Scene involving a sniper using a spring-loaded flintlock rifle, which wasn't available until the mid 17th century in England (over a hundred years from the point in the scene). The whole concept of sniping requires a reasonably accurate shot, which the muskets of the 16th century were not (i.e. needed the firer to prime the pan and light it, making fine aim an impossibility).
The episode covers the wedding of Henry and Anne Boleyn and her coronation in 1533. An aerial view of the current St. Peter's Basilica in Rome is shown during the episode, but the design for the current design for the building by Michelangelo did not begin until 1547. The dome was completed in 1590, and the final structure as seen wasn't completed until 1626. It is an interesting anachronism since a major part of the Protestant Reformation was fueled by the Roman Catholic Church's selling of indulgences in order to build St. Peter's, but it had not actually been built yet during this stage of the English Reformation.

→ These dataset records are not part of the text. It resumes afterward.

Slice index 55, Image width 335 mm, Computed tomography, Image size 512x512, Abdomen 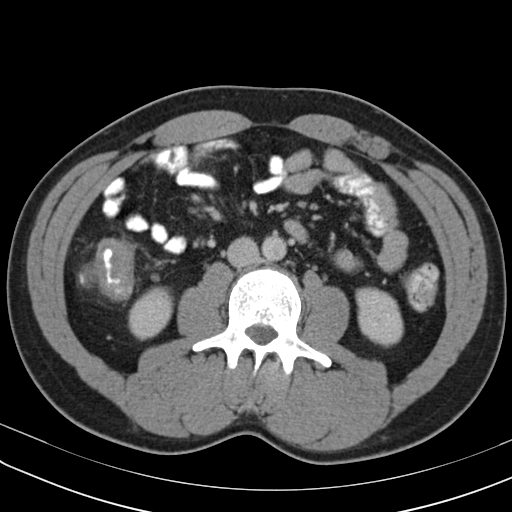 Colon tumor at x1=93 y1=238 x2=134 y2=299.
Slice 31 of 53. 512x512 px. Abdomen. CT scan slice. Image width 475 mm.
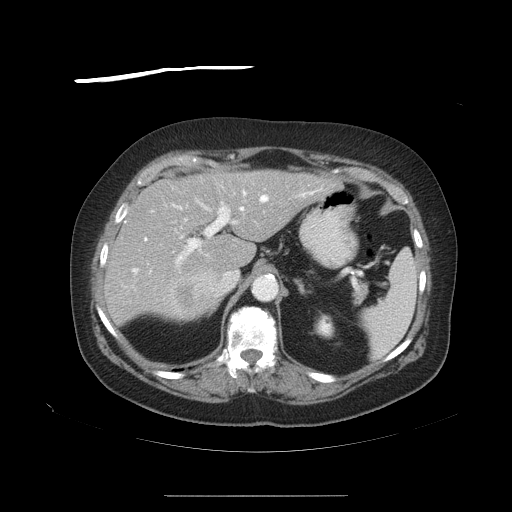 Not every hepatic vessel necessarily has a box.
[15/21] hepatic vessel: {"x1": 172, "y1": 204, "x2": 181, "y2": 209}, {"x1": 220, "y1": 186, "x2": 222, "y2": 188}, {"x1": 240, "y1": 207, "x2": 242, "y2": 211}, {"x1": 230, "y1": 195, "x2": 232, "y2": 196}, {"x1": 259, "y1": 195, "x2": 267, "y2": 202}, {"x1": 174, "y1": 238, "x2": 201, "y2": 265}, {"x1": 132, "y1": 269, "x2": 137, "y2": 273}, {"x1": 298, "y1": 186, "x2": 322, "y2": 197}, {"x1": 204, "y1": 202, "x2": 237, "y2": 237}, {"x1": 144, "y1": 238, "x2": 146, "y2": 240}, {"x1": 242, "y1": 191, "x2": 245, "y2": 195}, {"x1": 149, "y1": 270, "x2": 150, "y2": 273}, {"x1": 196, "y1": 200, "x2": 210, "y2": 210}, {"x1": 179, "y1": 235, "x2": 182, "y2": 238}, {"x1": 218, "y1": 271, "x2": 237, "y2": 294} | liver tumor: {"x1": 172, "y1": 275, "x2": 211, "y2": 315}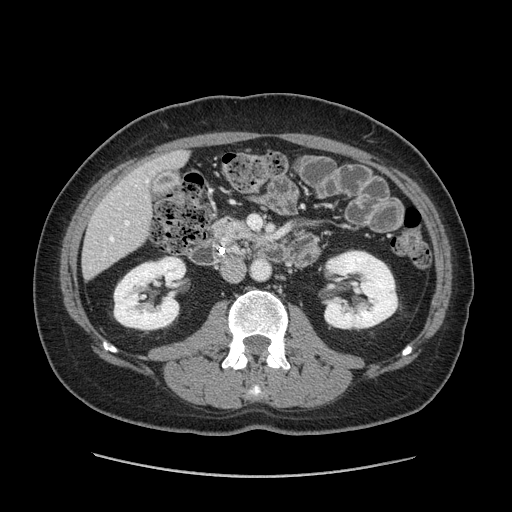

Upper abdomen | 512x512 | CT scan slice
Pancreas: <bbox>214, 218, 266, 247</bbox>.

Pope Paul III (Alessandro Farnese) speaks of the Jesuits (Society of Jesus), an order founded by the Basque Spaniard Ignatius de Loyola, but this was not done until Saturday the 15 August 1534 (O.S.) at Montmartre in Paris by him and his six companions, then not officially recognised by Paul III until Monday, 27 September 1540 (O.S.). Yet this is clearly set within 1533, as the Princess Elizabeth had not yet been born at the time of that scene, with Ann Boleyn still pregnant at the time - she was not delivered until Sunday the Seventh of September, 1533.
There is a citywide fireworks display that Lady Ann and her sister are watching. Fireworks were not used in large displays until the reign of Queen Elizabeth, about a hundred years later.